Итак, живу я сейчас на пустом этаже, в квартире, вид из окон которой уносит прямиком к звездам, когда на улице ночь. Жилище не слишком роскошное, но стоящее своей цены. Больше в этой высотке никого нет вообще. Всех остальных перебросили куда-то (словно спецназ потребителей) или просто не заселили.

В общем, пустынно здесь…

Все мои друзья на самом деле как знакомые. А все знакомые – как незнакомые.

Суббота началась с того, что я бухал всю ночь… Веселье спрессовалось в пустышку реальности. Последствия:

Мозг зарастает оболочкой, пульс мокнет, конденсируя кровь. Выступы, события, слезы. Мусорная мостовая трясется от страха, ей больше не нужны касания.

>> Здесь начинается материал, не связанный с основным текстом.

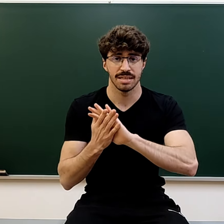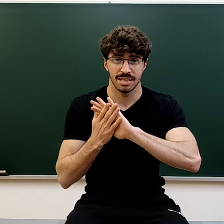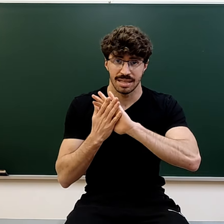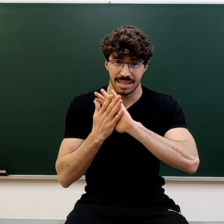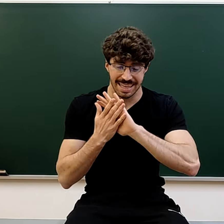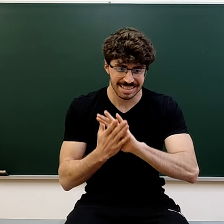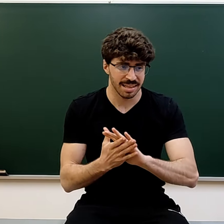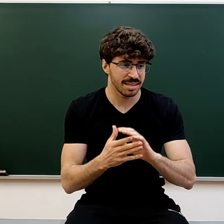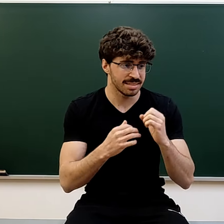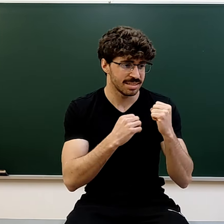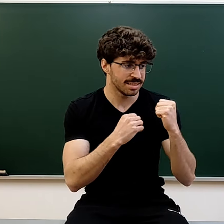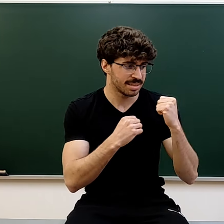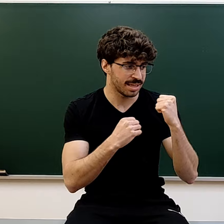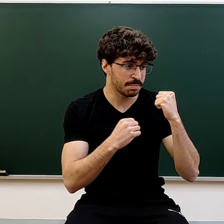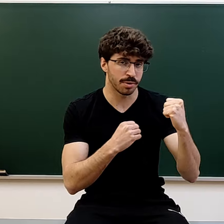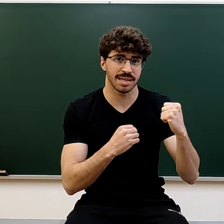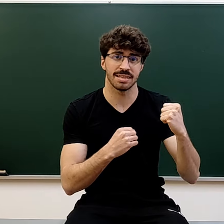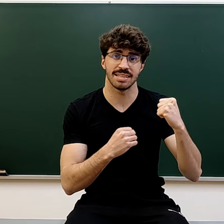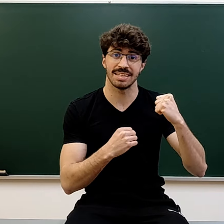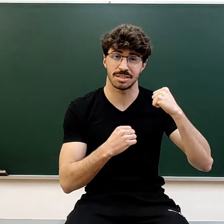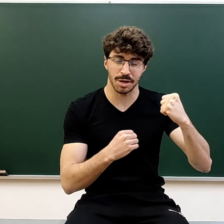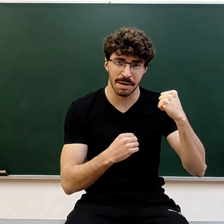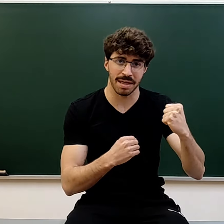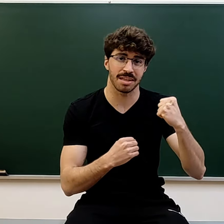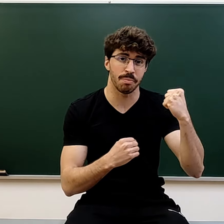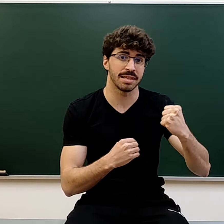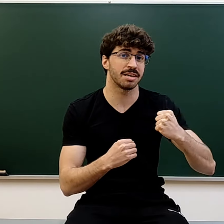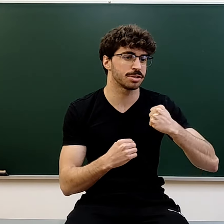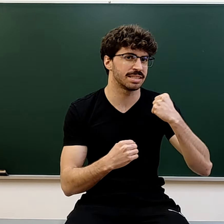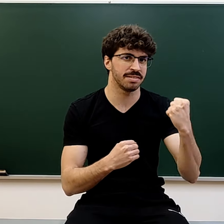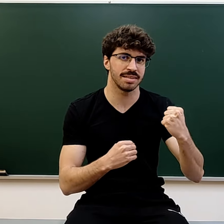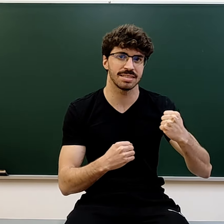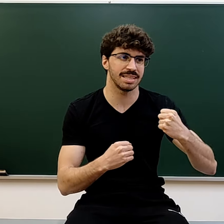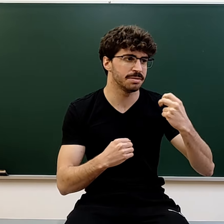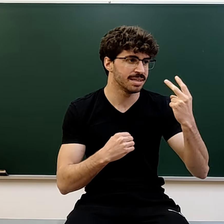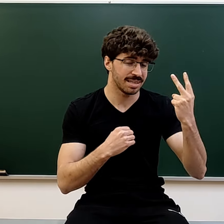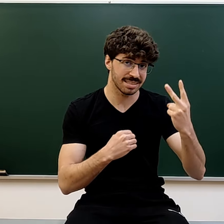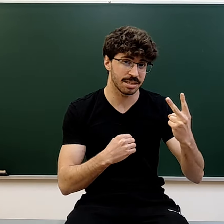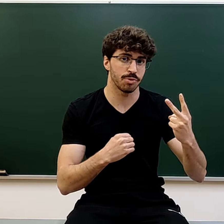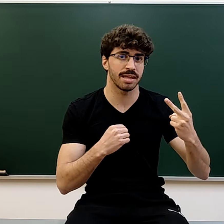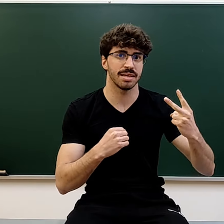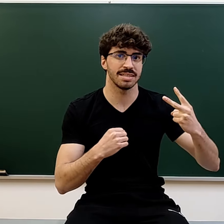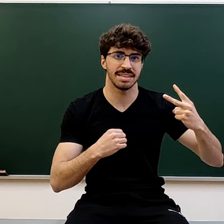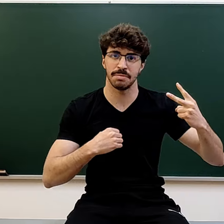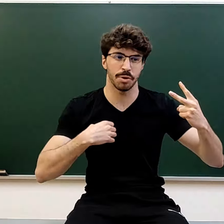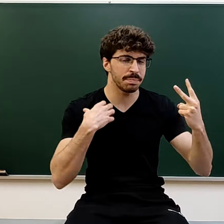Entonces, esta idea tan importante de soy capaz de comprender cosas difíciles, y esta segunda idea de voy a

Шаг света фонарей чуть сбивчив. А ночь глубокая и даже по-своему сочная; мягкость ее подобна кошачьей шерсти, что способна прикончить любого аллергика.

Поминаемый к ночи, он просто вышагивает по тротуару. Кибернетические монстры распластались внутри траура и тревоги. С ними всегда душа похожа на свалку. Кровь обращается во внутреннюю планету, на изгибах которой странствует песочный круговорот.

Я всматриваюсь в искажения множеств; психохимический кошмар превращает маленький остров в лунное крошево. Дробленые затылки пересвечены; компактное размещение всех важных центров в голове немного опрометчиво. Но зачем-то дается.

Смотанный телек валяется перед кроватью. Я же валяюсь прямо на ней.

«Пошеруди-ка мышью». – Слепое пламя пустоты. Высокие фигуры в коридоре. Расколотые голоса плюс минус шепот из(-за) стенок.

Мелькание под столом белого кота в темноте.

Он прошмыгнул за логотип на экране, спрятался там, в темном пространстве, а фильм ведь даже не заметил…

Двери, двери, еще двери, двери, странные двери, двери, которые не вынести и не открыть, двери провисшие в пространстве, горящие двери, огнеупорные двери, выталкивающие всех двери… такие дверки, мимо которых не пройдешь.

Выходишь (за) в светлый воздух и смотришь на городскую высоту. И дальше больше ничего.

Я/пони/я

Что могло быть, то и было. Чего не было – быть не могло.

Я_по – ни я

Силуэты легкой смерти тебя заметили. Да и меня.

Агония

{Я}<п©>/ни[я]

Лицо бога за солнцем. Смеется над собой; ему всегда смешно.

Водопады секунд пересыхают, даже не успевая попасть в узкую заводь твоих возможностей. Теперь на все смотреть издалека.

Винт продолжает крутиться.

* * *

Небо как будто бесконечная доска, которой отгородились от нас. Такая синяя и с переливами; слабый фиолет в итоге стремится превратиться в насыщенно-голубоватый (чуть дальше ставший туманно-темным).